TASK GOAL ▸ Copy each line below as it stands, but skip any picture it contains.

PROVIDED INFORMATION ▸
————————

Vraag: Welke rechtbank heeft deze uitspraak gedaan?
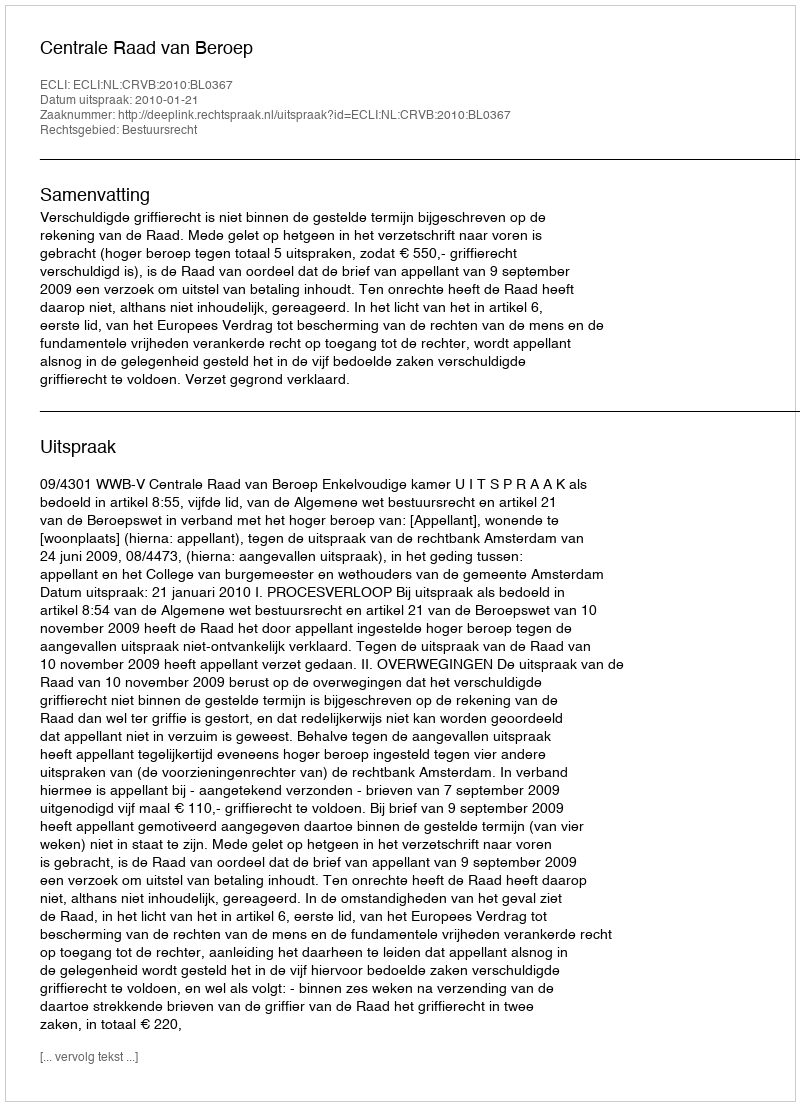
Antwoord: Centrale Raad van Beroep
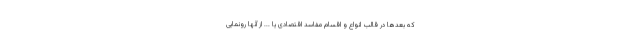
که بعدها در قالب انواع و اقسام مفاسد اقتصادی یا ... از آنها رونمایی
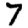
Digit: 7
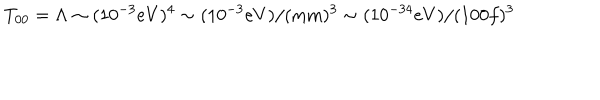
T _ { 0 0 } = \Lambda \sim ( 1 0 ^ { - 3 } e V ) ^ { 4 } \sim ( 1 0 ^ { - 3 } e V ) / ( \mathrm { m m } ) ^ { 3 } \sim ( 1 0 ^ { - 3 4 } e V ) / ( 1 0 0 f ) ^ { 3 }
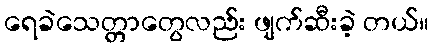
ရေခဲသေတ္တာတွေလည်း ဖျက်ဆီးခဲ့ တယ်။
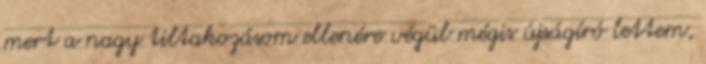
mert a nagy tiltakozásom ellenére végül mégis újságíró lettem,
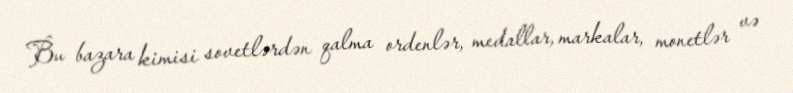
Bu bazara kimisi sovetlərdən qalma ordenlər, medallar, markalar, monetlər və
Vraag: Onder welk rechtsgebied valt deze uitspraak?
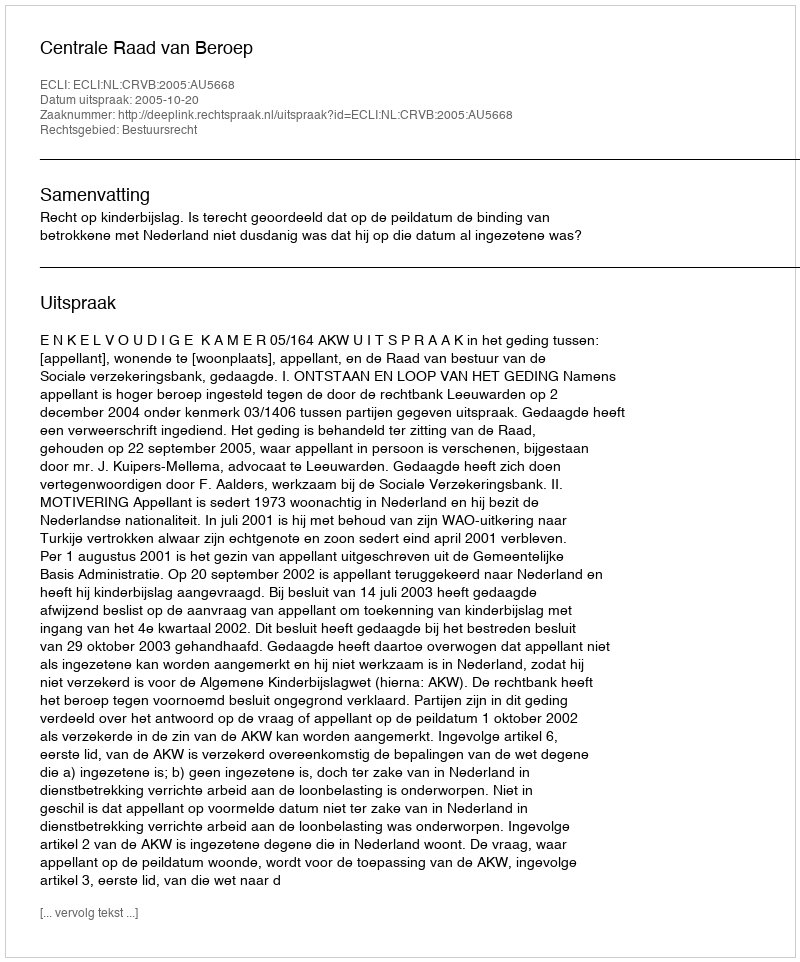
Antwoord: Bestuursrecht

————————

EXERCISE ANSWER ▸
Vraag: Welke rechtbank heeft deze uitspraak gedaan?
Antwoord: Centrale Raad van Beroep
که بعدها در قالب انواع و اقسام مفاسد اقتصادی یا ... از آنها رونمایی
Digit: 7
T _ { 0 0 } = \Lambda \sim ( 1 0 ^ { - 3 } e V ) ^ { 4 } \sim ( 1 0 ^ { - 3 } e V ) / ( \mathrm { m m } ) ^ { 3 } \sim ( 1 0 ^ { - 3 4 } e V ) / ( 1 0 0 f ) ^ { 3 }
ရေခဲသေတ္တာတွေလည်း ဖျက်ဆီးခဲ့ တယ်။
mert a nagy tiltakozásom ellenére végül mégis újságíró lettem,
Bu bazara kimisi sovetlərdən qalma ordenlər, medallar, markalar, monetlər və
Vraag: Onder welk rechtsgebied valt deze uitspraak?
Antwoord: Bestuursrecht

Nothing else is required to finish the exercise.